Ronald Smith says when he asked Hurricane Police Chief Lynn Excell to stop the use of Tasers for the time being, the chief told Smith he had no intention of doing that. But it wasn't until Smith went to the media that he says his problems began.

About a week ago, Smith told his story to KCSG-TV. This past Saturday is when Smith claims the harassment from the Hurricane Police Department began. He says it started with a Hurricane police officer just sitting outside his work.

Ronald Smith says Hurricane police have been harassing him ever since he told a news organization the police chief refused to suspend the use of Tasers.
Ronald Smith says Hurricane police have been harassing him ever since he told a news organization the police chief refused to suspend the use of Tasers.

"He spent three, three and a half hours sitting there. Since then, I've been followed to and from work a couple of times, but I haven't been pulled over," Smith said.

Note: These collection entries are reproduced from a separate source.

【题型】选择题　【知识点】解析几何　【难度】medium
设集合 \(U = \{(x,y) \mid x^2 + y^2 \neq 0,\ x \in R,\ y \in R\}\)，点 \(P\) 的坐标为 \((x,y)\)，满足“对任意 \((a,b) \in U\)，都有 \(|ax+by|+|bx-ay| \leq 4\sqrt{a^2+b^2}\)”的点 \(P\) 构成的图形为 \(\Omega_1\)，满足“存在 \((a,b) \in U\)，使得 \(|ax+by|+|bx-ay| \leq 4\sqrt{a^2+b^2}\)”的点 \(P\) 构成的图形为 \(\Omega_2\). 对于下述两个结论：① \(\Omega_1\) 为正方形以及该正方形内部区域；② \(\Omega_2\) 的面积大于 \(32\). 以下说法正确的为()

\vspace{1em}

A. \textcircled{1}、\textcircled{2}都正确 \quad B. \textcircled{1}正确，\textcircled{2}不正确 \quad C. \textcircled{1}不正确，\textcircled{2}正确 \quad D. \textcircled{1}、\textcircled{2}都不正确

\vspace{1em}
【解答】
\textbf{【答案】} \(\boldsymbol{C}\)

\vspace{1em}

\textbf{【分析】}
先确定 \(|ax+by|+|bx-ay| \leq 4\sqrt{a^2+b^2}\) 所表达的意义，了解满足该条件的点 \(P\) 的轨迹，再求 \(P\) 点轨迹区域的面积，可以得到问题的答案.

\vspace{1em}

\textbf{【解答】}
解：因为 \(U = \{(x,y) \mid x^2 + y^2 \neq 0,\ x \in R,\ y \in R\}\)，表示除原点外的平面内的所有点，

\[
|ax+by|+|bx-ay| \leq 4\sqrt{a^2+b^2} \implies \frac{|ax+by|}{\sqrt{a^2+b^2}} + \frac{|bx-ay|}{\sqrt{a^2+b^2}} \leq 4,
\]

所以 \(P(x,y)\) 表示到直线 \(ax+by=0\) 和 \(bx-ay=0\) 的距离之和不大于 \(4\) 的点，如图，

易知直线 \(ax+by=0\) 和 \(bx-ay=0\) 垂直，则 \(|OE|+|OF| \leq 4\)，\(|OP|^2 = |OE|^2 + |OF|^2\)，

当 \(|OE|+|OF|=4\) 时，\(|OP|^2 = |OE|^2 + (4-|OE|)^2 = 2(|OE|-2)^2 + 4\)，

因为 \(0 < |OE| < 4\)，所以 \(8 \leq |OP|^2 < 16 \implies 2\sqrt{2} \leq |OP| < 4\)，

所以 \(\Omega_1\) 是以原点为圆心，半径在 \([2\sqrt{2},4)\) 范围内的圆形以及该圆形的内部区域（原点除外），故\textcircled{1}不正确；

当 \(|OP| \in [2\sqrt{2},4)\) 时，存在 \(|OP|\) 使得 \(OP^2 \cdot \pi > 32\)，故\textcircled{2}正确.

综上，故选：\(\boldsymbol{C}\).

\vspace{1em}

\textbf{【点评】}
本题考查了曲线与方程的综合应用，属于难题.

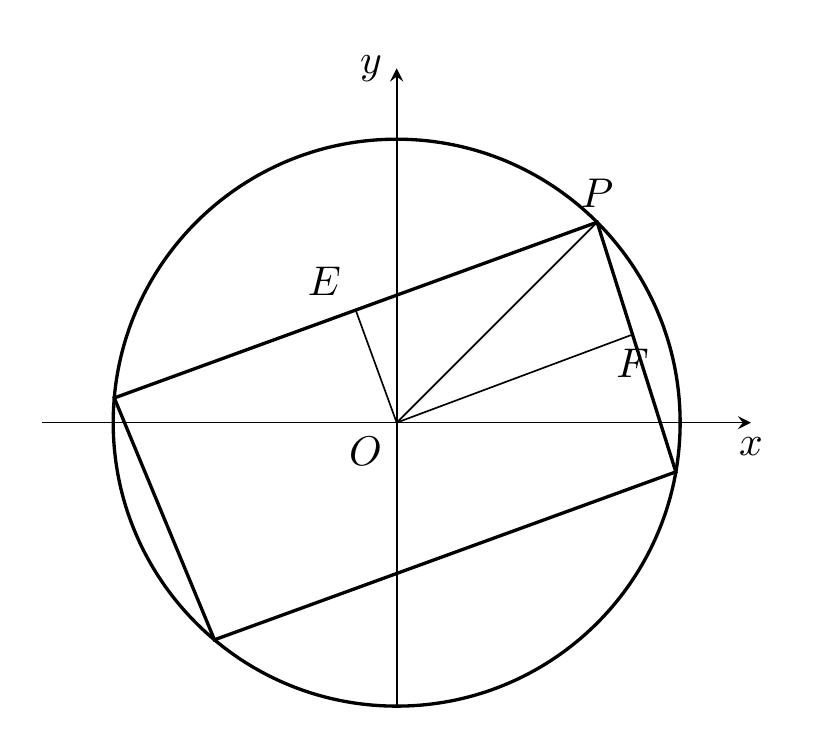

Then Monday morning at work, Smith's manager asked him about his talks with the police chief. "And she told me that one of his family members had come into the store and told her she might want to be careful of what she was doing and OK'ing me to speak to the media and what not because Lynn Excell could be very influential," Smith said.

In his spare time, Smith is part of the Citizen's Review Panel. It is a self-described St. George and Hurricane police watchdog group, but even Smith admits they're not really taken seriously. "They pretty much ignore us," he said.

Smith thinks the police chief got mad because Smith approached him about the moratorium while at his day job at a convenience store and not as a member of the watchdog group. The chief apparently felt blindsided when Smith later talked to the media.

Smith says when he told the chief that he had approached him as a board member from the citizen review panel, the chief replied, 'Yeah, but you did that here at the store.'"

The Hurricane Police Department referred KSL to its attorney, Peter Stirba. We spoke to him Monday afternoon and he told us the police department "categorically denies" any harassment.

"Anything that is being alleged about Mr. Smith being harassed is pure fiction. Nobody in the Hurricane Police Department is following Mr. Smith or otherwise observing what he does, monitoring or causing him any difficulty, period," Stirba said.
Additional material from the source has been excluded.